Problem to solve: The entries below should be set down again exactly, with every picture left out.

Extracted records
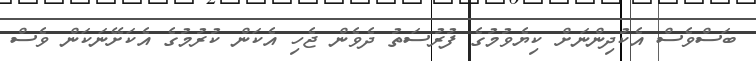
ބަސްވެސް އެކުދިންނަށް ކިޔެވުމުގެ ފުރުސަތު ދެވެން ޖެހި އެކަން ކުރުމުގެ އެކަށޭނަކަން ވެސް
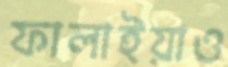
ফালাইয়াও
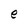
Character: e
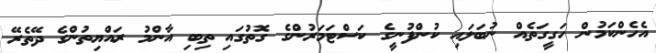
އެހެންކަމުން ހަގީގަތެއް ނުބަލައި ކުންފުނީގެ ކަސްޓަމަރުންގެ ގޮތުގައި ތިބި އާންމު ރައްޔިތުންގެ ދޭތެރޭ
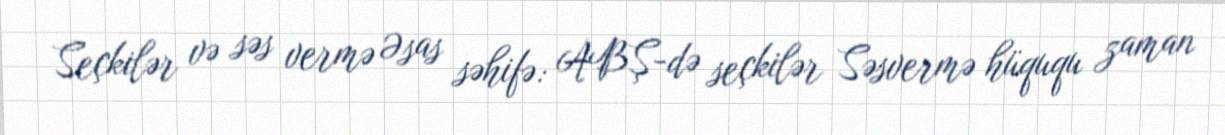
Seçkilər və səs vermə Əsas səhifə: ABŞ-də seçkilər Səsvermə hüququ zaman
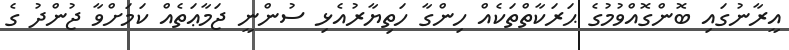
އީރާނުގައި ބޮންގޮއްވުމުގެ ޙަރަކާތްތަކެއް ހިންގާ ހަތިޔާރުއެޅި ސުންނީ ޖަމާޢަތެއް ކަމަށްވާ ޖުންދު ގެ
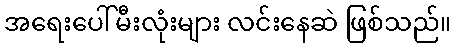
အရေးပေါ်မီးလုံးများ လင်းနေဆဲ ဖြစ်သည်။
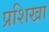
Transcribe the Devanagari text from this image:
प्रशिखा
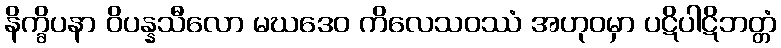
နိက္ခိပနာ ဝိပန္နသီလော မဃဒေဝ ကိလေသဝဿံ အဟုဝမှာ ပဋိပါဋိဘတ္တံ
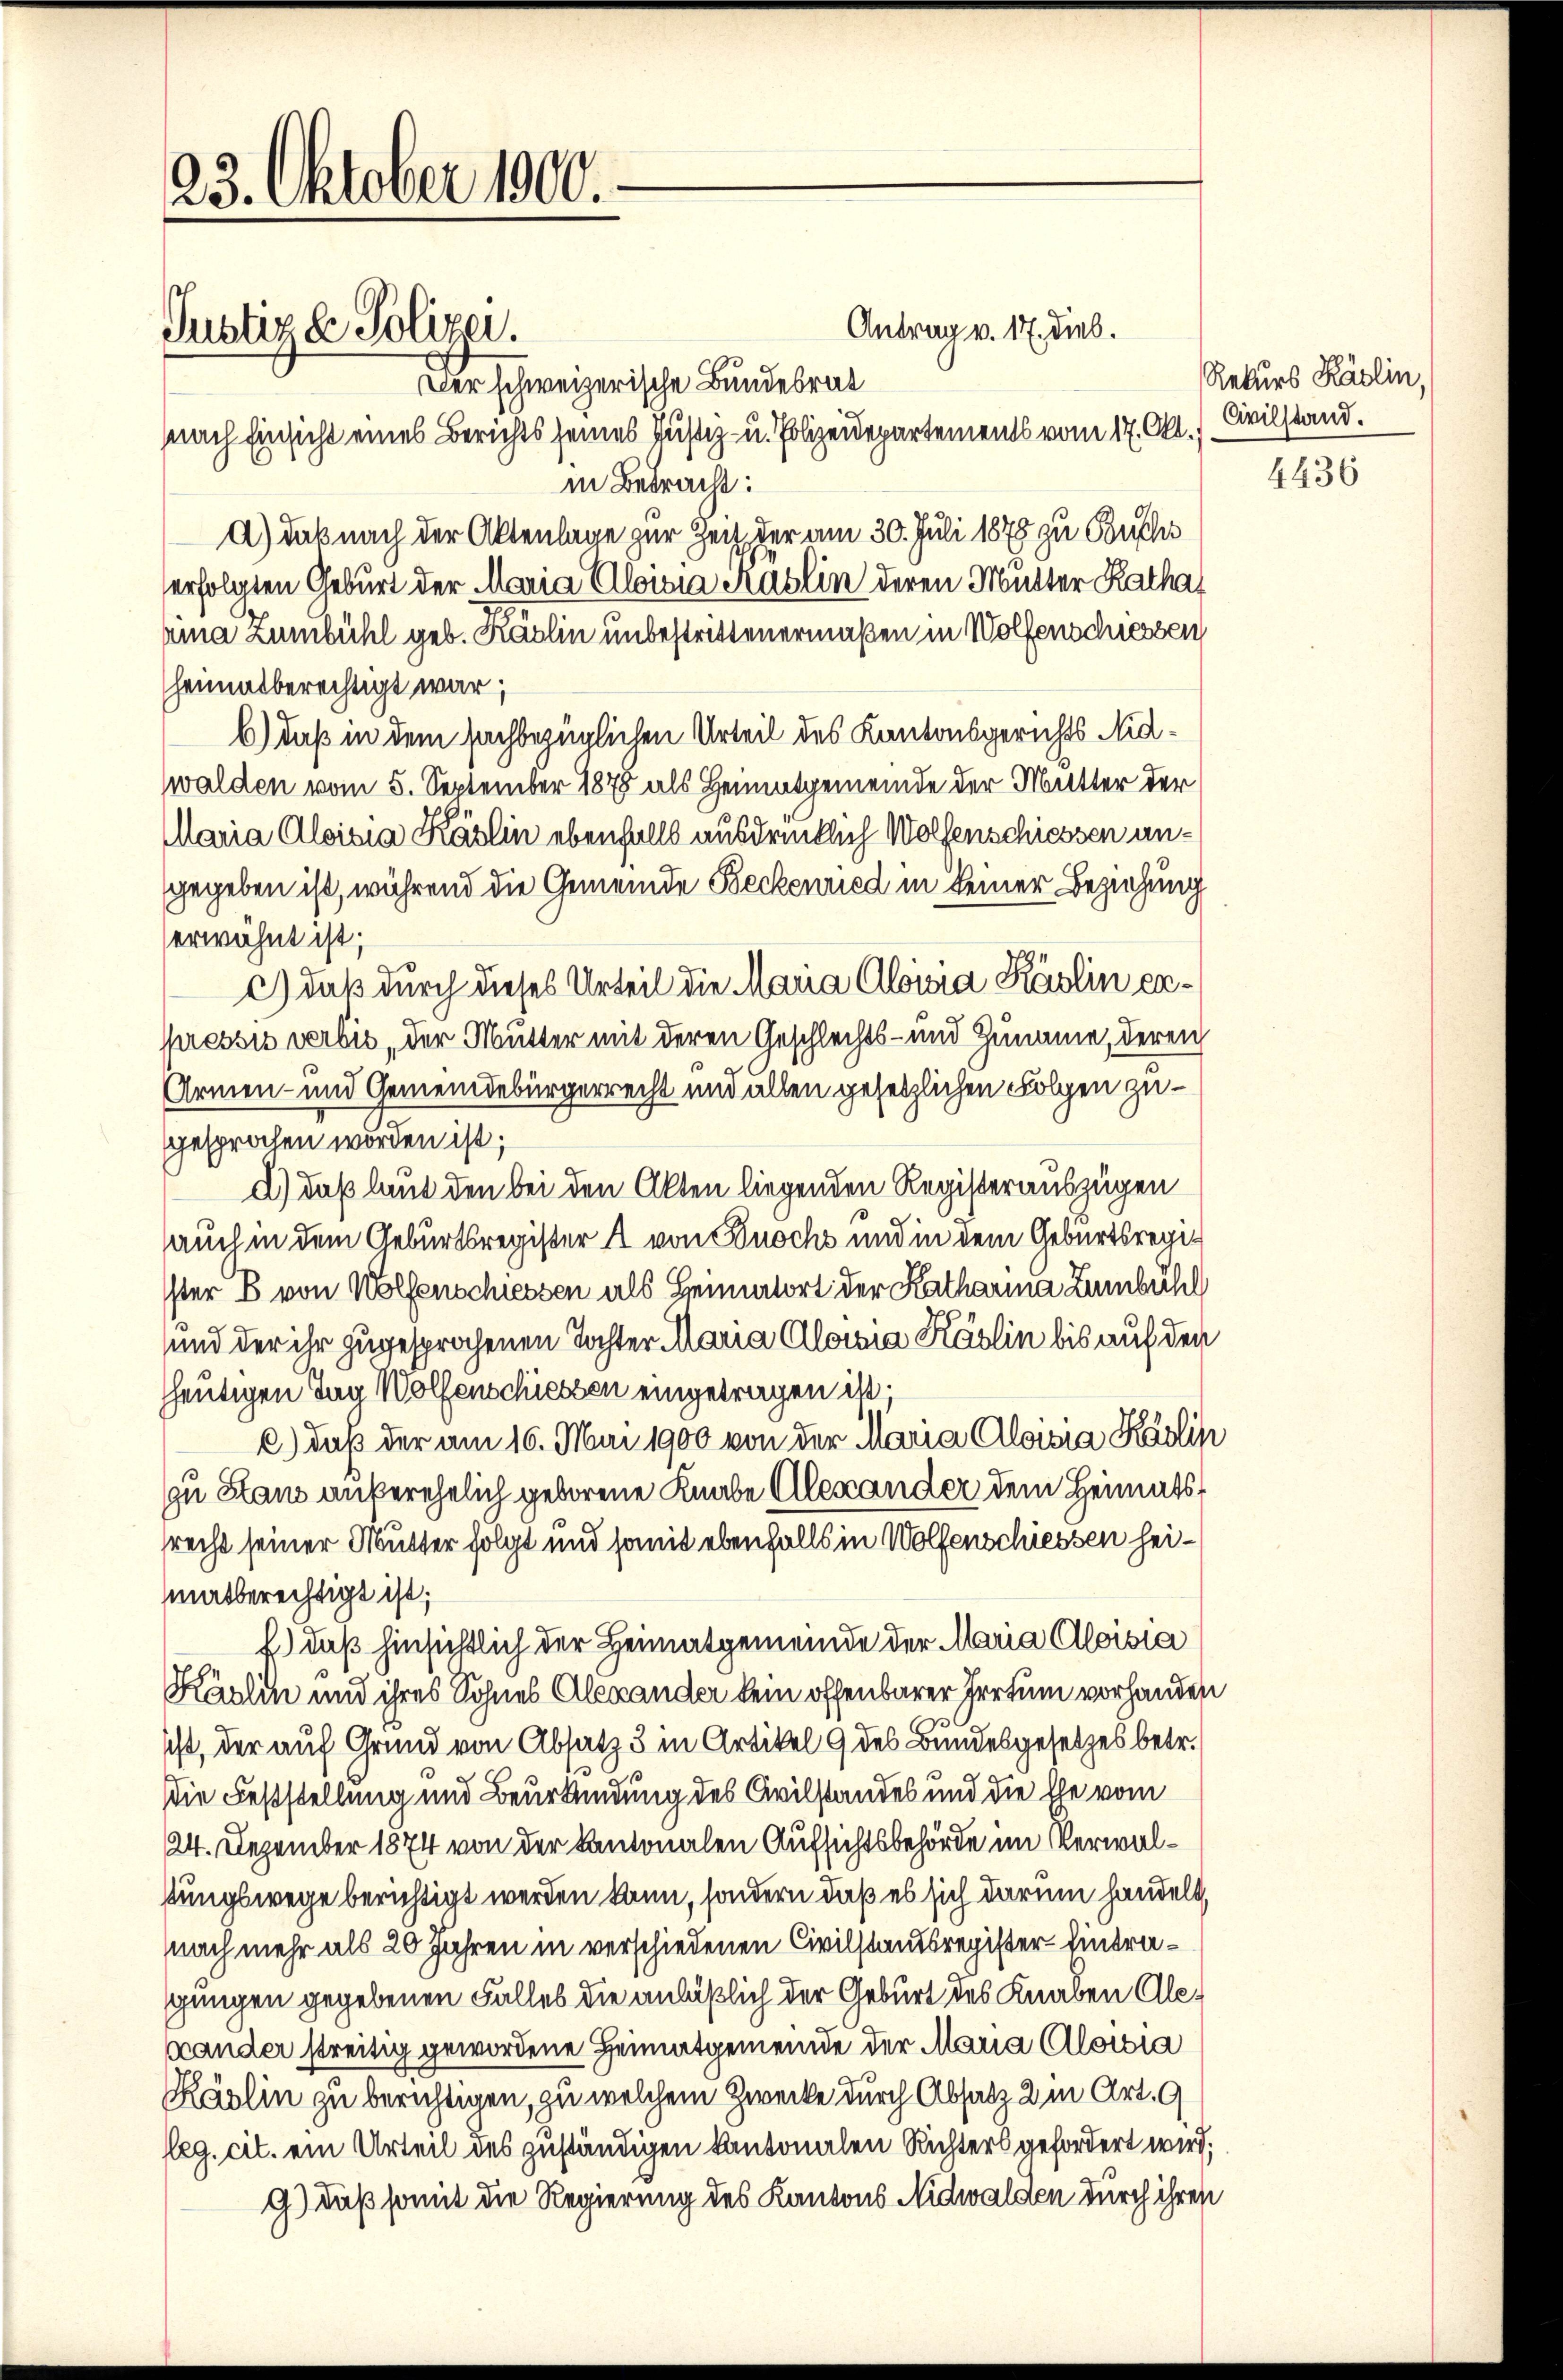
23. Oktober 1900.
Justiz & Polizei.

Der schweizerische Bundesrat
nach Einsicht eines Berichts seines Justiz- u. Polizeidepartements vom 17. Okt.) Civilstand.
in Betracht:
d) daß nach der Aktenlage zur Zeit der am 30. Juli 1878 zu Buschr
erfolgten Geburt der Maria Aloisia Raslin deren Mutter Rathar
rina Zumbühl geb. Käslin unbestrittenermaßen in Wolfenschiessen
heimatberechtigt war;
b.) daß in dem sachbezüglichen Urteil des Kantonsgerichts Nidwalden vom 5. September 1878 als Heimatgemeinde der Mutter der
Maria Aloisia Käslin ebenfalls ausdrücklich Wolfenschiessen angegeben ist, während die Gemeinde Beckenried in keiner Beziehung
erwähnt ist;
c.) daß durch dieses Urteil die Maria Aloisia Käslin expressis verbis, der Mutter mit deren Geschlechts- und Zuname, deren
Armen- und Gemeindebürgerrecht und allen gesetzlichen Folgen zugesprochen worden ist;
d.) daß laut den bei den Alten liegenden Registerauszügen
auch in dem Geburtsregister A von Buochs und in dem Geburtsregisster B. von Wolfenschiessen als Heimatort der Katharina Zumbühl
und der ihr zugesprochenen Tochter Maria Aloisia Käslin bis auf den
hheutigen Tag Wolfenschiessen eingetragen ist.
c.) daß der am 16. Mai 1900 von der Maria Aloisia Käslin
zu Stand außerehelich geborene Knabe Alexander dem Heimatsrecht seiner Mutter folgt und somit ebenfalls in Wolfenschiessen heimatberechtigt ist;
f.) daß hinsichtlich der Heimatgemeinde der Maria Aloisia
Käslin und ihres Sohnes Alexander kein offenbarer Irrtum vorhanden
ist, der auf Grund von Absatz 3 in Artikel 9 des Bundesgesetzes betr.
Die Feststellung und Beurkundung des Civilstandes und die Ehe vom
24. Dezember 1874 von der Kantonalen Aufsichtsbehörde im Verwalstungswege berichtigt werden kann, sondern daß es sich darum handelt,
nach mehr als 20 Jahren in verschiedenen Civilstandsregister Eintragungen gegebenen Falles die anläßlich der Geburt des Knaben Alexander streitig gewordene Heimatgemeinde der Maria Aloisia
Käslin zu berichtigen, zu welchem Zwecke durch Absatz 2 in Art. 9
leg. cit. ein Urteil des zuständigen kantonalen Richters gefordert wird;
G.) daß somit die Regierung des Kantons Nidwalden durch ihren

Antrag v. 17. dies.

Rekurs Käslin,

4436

Output for this exercise:
ބަސްވެސް އެކުދިންނަށް ކިޔެވުމުގެ ފުރުސަތު ދެވެން ޖެހި އެކަން ކުރުމުގެ އެކަށޭނަކަން ވެސް
ফালাইয়াও
Character: e
އެހެންކަމުން ހަގީގަތެއް ނުބަލައި ކުންފުނީގެ ކަސްޓަމަރުންގެ ގޮތުގައި ތިބި އާންމު ރައްޔިތުންގެ ދޭތެރޭ
Seçkilər və səs vermə Əsas səhifə: ABŞ-də seçkilər Səsvermə hüququ zaman
އީރާނުގައި ބޮންގޮއްވުމުގެ ޙަރަކާތްތަކެއް ހިންގާ ހަތިޔާރުއެޅި ސުންނީ ޖަމާޢަތެއް ކަމަށްވާ ޖުންދު ގެ
အရေးပေါ်မီးလုံးများ လင်းနေဆဲ ဖြစ်သည်။
Transcribe the Devanagari text from this image:
प्रशिखा
နိက္ခိပနာ ဝိပန္နသီလော မဃဒေဝ ကိလေသဝဿံ အဟုဝမှာ ပဋိပါဋိဘတ္တံ
23. Oktober 1900.
Justiz & Polizei.

Der schweizerische Bundesrat
nach Einsicht eines Berichts seines Justiz- u. Polizeidepartements vom 17. Okt.) Civilstand.
in Betracht:
d) daß nach der Aktenlage zur Zeit der am 30. Juli 1878 zu Buschr
erfolgten Geburt der Maria Aloisia Raslin deren Mutter Rathar
rina Zumbühl geb. Käslin unbestrittenermaßen in Wolfenschiessen
heimatberechtigt war;
b.) daß in dem sachbezüglichen Urteil des Kantonsgerichts Nidwalden vom 5. September 1878 als Heimatgemeinde der Mutter der
Maria Aloisia Käslin ebenfalls ausdrücklich Wolfenschiessen angegeben ist, während die Gemeinde Beckenried in keiner Beziehung
erwähnt ist;
c.) daß durch dieses Urteil die Maria Aloisia Käslin expressis verbis, der Mutter mit deren Geschlechts- und Zuname, deren
Armen- und Gemeindebürgerrecht und allen gesetzlichen Folgen zugesprochen worden ist;
d.) daß laut den bei den Alten liegenden Registerauszügen
auch in dem Geburtsregister A von Buochs und in dem Geburtsregisster B. von Wolfenschiessen als Heimatort der Katharina Zumbühl
und der ihr zugesprochenen Tochter Maria Aloisia Käslin bis auf den
hheutigen Tag Wolfenschiessen eingetragen ist.
c.) daß der am 16. Mai 1900 von der Maria Aloisia Käslin
zu Stand außerehelich geborene Knabe Alexander dem Heimatsrecht seiner Mutter folgt und somit ebenfalls in Wolfenschiessen heimatberechtigt ist;
f.) daß hinsichtlich der Heimatgemeinde der Maria Aloisia
Käslin und ihres Sohnes Alexander kein offenbarer Irrtum vorhanden
ist, der auf Grund von Absatz 3 in Artikel 9 des Bundesgesetzes betr.
Die Feststellung und Beurkundung des Civilstandes und die Ehe vom
24. Dezember 1874 von der Kantonalen Aufsichtsbehörde im Verwalstungswege berichtigt werden kann, sondern daß es sich darum handelt,
nach mehr als 20 Jahren in verschiedenen Civilstandsregister Eintragungen gegebenen Falles die anläßlich der Geburt des Knaben Alexander streitig gewordene Heimatgemeinde der Maria Aloisia
Käslin zu berichtigen, zu welchem Zwecke durch Absatz 2 in Art. 9
leg. cit. ein Urteil des zuständigen kantonalen Richters gefordert wird;
G.) daß somit die Regierung des Kantons Nidwalden durch ihren

Antrag v. 17. dies.

Rekurs Käslin,

4436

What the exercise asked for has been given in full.